In a world where success requires collaboration, Head thinks there’s lots more work to be done, at least in his neck of the woods.
“I don’t believe at this stage that we have a clear sense of how we currently do it, how that compares even in our existing operating models with how we should be doing it [and] how we lift our current performance, but more importantly, how we envisage building organisations that are much more relaxed and effective in what will ultimately be a much more fluid and dynamic set of relationships with other players.”
Embrace the churn and break down the public-private divide
A question from Twitter reminded Lloyd that 43% of APS staff do not see themselves in the service by 2020, according to a recent independent survey. It would be “terrific” if that came to pass, he replied without hesitation.
“Those who are going, we love what you’ve done, and we appreciate it, you’ve done a fantastic job, but for the generation of new people coming through it’s very encouraging,” he said.

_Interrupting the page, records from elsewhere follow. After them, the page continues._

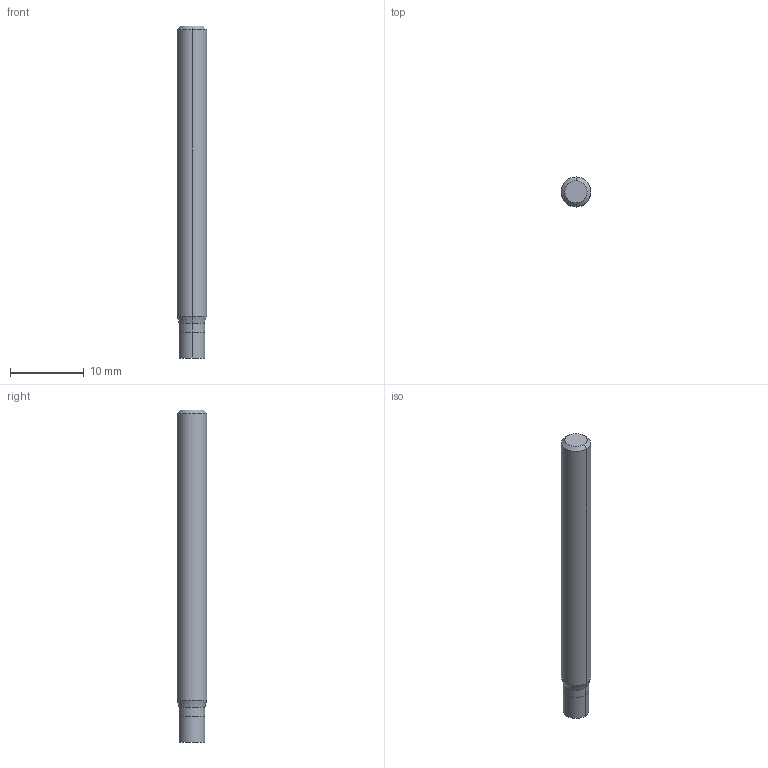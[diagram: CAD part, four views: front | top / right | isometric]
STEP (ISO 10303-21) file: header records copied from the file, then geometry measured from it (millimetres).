
FILE_DESCRIPTION(/* description */ (''),/* implementation_level */ '2;1');
FILE_NAME(/* name */ 'MS4ECD0350L45S04.stp',/* time_stamp */ '2023-03-17T09:19:12+09:00',/* author */ (''),/* organization */ (''),/* preprocessor_version */ 'ST-DEVELOPER v16',/* originating_system */ 'SIEMENS PLM Software NX 10.0',/* authorisation */ '');
FILE_SCHEMA (('AUTOMOTIVE_DESIGN { 1 0 10303 214 3 1 1 1 }'));
Length unit declared in the file: millimetre
Products named in the file (1): MS4ECD0350L45S04_ASM
Bounding box: 4 x 4 x 45 mm (x, y, z)
Volume: 548.8 mm3; surface area: 595.2 mm2
Topology: 2 solids, 2 shells, 14 faces, 28 edges, 23 vertices
Faces by surface type: cylinder 6, plane 4, cone 4
Entity records: 494 total; most frequent: DIRECTION 92, CARTESIAN_POINT 68, ORIENTED_EDGE 48, AXIS2_PLACEMENT_3D 39, EDGE_CURVE 24, STYLED_ITEM 17, PRESENTATION_STYLE_ASSIGNMENT 17, ADVANCED_FACE 14
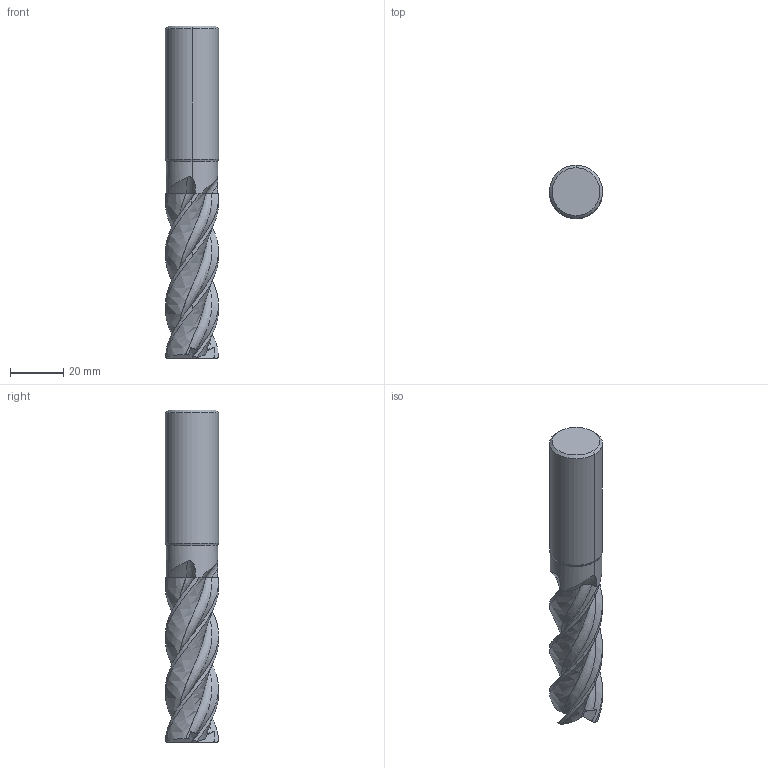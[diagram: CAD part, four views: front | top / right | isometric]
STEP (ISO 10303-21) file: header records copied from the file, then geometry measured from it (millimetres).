
FILE_DESCRIPTION(('no description'),'unknown implementation level');
FILE_NAME('EXN1-M06-0213-20_0_5-Detail.stp',' ',('CIMSOURCE GmbH'),('CADClick - KiM GmbH - www.kimweb.de'),'unknown preprocess','ACIS','unknown authorization');
FILE_SCHEMA(('automotive_design'));
Length unit declared in the file: millimetre
Products named in the file (2): NOCUT; CUT
Bounding box: 20 x 20 x 125 mm (x, y, z)
Volume: 29609.2 mm3; surface area: 9231.3 mm2
Topology: 2 solids, 2 shells, 105 faces, 290 edges, 185 vertices
Faces by surface type: plane 33, bspline 32, cone 18, revolution 12, torus 6, cylinder 4
Entity records: 21136 total; most frequent: CARTESIAN_POINT 15638, STYLED_ITEM 578, PRESENTATION_STYLE_ASSIGNMENT 578, COLOUR_RGB 578, ORIENTED_EDGE 572, DIRECTION 312, EDGE_CURVE 286, CURVE_STYLE 286
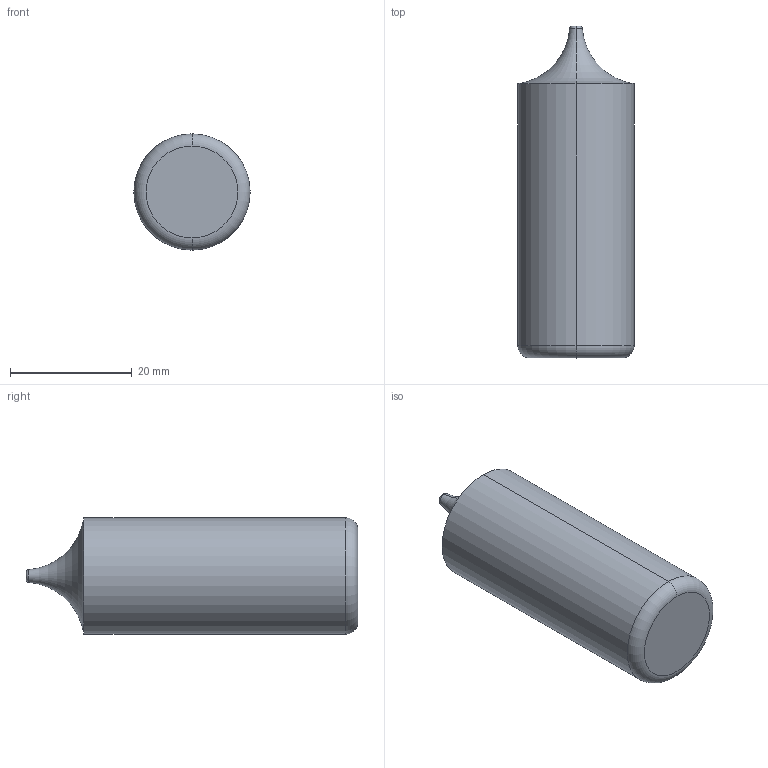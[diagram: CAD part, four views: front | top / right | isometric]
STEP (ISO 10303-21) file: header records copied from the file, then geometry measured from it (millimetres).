
FILE_DESCRIPTION (( 'STEP AP203' ), '1' );
FILE_NAME ('IN_14_3D.STEP', '2019-04-07T01:32:31', ( '' ), ( '' ), 'SwSTEP 2.0', 'SolidWorks 2019', '' );
FILE_SCHEMA (( 'CONFIG_CONTROL_DESIGN' ));
Length unit declared in the file: millimetre
Products named in the file (1): IN_14_3D
Bounding box: 19.1 x 54.5 x 19.1 mm (x, y, z)
Volume: 13275.7 mm3; surface area: 3296 mm2
Topology: 1 solids, 1 shells, 10 faces, 18 edges, 10 vertices
Faces by surface type: torus 6, cylinder 2, plane 2
Entity records: 327 total; most frequent: DIRECTION 56, CARTESIAN_POINT 39, ORIENTED_EDGE 36, AXIS2_PLACEMENT_3D 27, EDGE_CURVE 18, CIRCLE 16, FACE_OUTER_BOUND 10, EDGE_LOOP 10
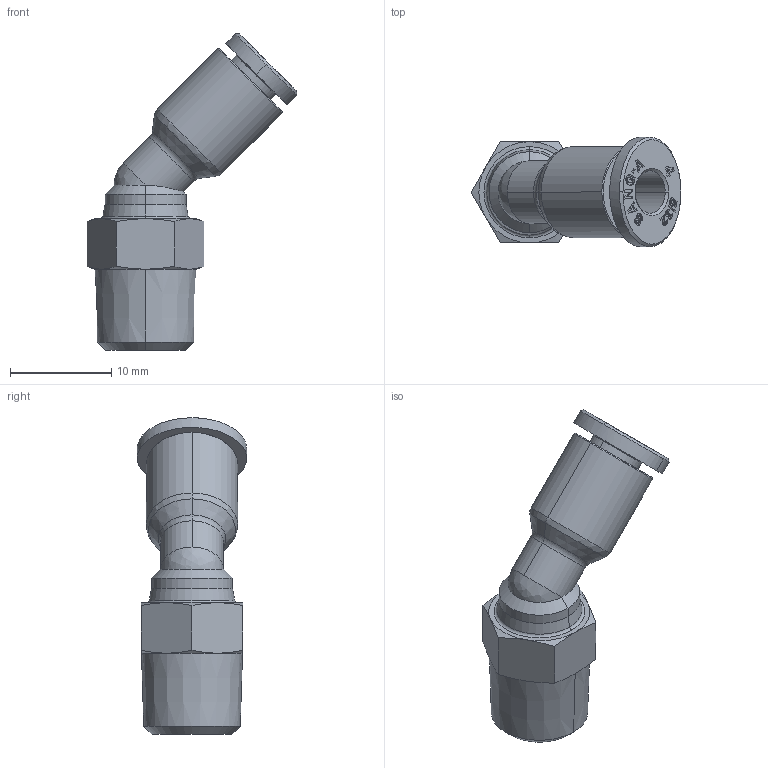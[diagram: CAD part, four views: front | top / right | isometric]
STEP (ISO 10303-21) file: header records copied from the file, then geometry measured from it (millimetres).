
FILE_DESCRIPTION (( 'STEP AP214' ), '1' );
FILE_NAME ('PL04-01 45.stp', '2015-09-07T14:49:47', ( '' ), ( '' ), 'SwSTEP 2.0', 'SolidWorks 2015', '' );
FILE_SCHEMA (( 'AUTOMOTIVE_DESIGN' ));
Length unit declared in the file: millimetre
Products named in the file (2): ｦ+ﾃｦ1; PL04-01 45
Assembly tree (1 placements, depth 2):
  PL04-01 45
    ｦ+ﾃｦ1
Bounding box: 20.73 x 10.8 x 31.26 mm (x, y, z)
Volume: 1643.5 mm3; surface area: 1534.1 mm2
Topology: 1 solids, 1 shells, 428 faces, 1183 edges, 774 vertices
Faces by surface type: plane 339, bspline 33, cone 32, cylinder 20, torus 4
Entity records: 14852 total; most frequent: CARTESIAN_POINT 3613, ORIENTED_EDGE 2360, DIRECTION 1958, EDGE_CURVE 1180, LINE 996, VECTOR 996, VERTEX_POINT 774, AXIS2_PLACEMENT_3D 481
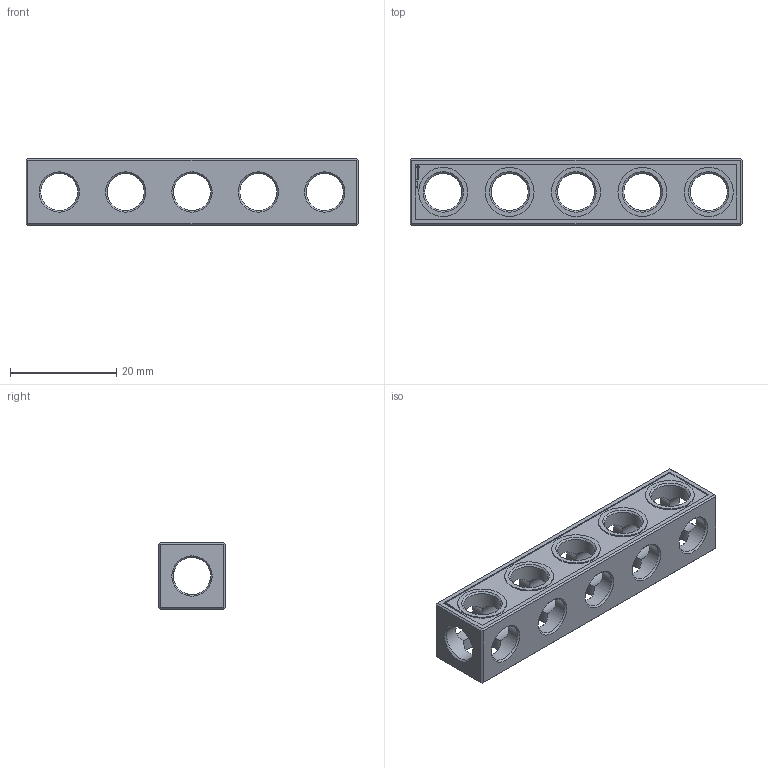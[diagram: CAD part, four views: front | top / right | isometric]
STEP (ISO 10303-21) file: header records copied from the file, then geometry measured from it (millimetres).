
FILE_DESCRIPTION(('FreeCAD Model'),'2;1');
FILE_NAME('Open CASCADE Shape Model','2021-05-23T21:59:24',( 'Paulo Kiefe'),('STEMFIE.org'),'Open CASCADE STEP processor 7.4', 'FreeCAD','Unknown');
FILE_SCHEMA(('AUTOMOTIVE_DESIGN { 1 0 10303 214 1 1 1 1 }'));
Length unit declared in the file: millimetre
Products named in the file (1): Beam_STR_ESS_BU05x01x01_-_SPN-BEM-0042_(stemfie.org)
Bounding box: 62.5 x 12.5 x 12.5 mm (x, y, z)
Volume: 4879.4 mm3; surface area: 4549.5 mm2
Topology: 1 solids, 1 shells, 505 faces, 1450 edges, 966 vertices
Faces by surface type: plane 352, extrusion 100, cylinder 31, cone 22
Full cylindrical faces by diameter (mm): 7 x26, 9.2 x5
Entity records: 42462 total; most frequent: CARTESIAN_POINT 14422, DIRECTION 4721, VECTOR 3565, LINE 3465, ORIENTED_EDGE 2900, PCURVE 2900, DEFINITIONAL_REPRESENTATION 2900, EDGE_CURVE 1450

The APS commissioner was much keener to find ways to avoid crushing the enthusiasm that new graduates bring to the service, and address a decline in the under-30 age group which he is still investigating.
One of the key themes that came out of the session was the need to break down the divide between the public sector and other kinds of work and create a less insular public sector workforce. The commissioners see this happening not only through secondments with companies and charitable organisations but also by greater employment mobility between the public and other sectors.
Armytage, a former Victorian government mandarin who now plays a lead role in a ‘big four’ accounting firm, said the prospect of nearly half of current APS staff working elsewhere in five years didn’t worry her at all. She suggested the ideal public sector workforce would be a roughly even split between lifers, up-and-comers on the fast track to the top, and new recruits.
“I personally think that’s quite a healthy sign, not something to be overly worried about … because in my experience now from working outside the public sector, very often once people leave they think about what a fantastic job it was, and the breadth of opportunities they had wasn’t as narrow as it can be in some other sectors,” she said.
“Many [want] to go back at some stage into the future and maintaining that opportunity and the open door for people to go in and out of the sector, I think, has to be the way of the future.”
Head said the IPAA’s incoming president “nailed it” in his view, but also pointed out that in NSW, turnover was declining as staff with defined benefit superannuation schemes retired. He said it was important to be clear that significant workforce changes were looming, and that more rotation in and out of public service jobs for a few years at a time would be one feature.
Simpler recruiting processes that make it easier for both applicants and employers is one step in that direction.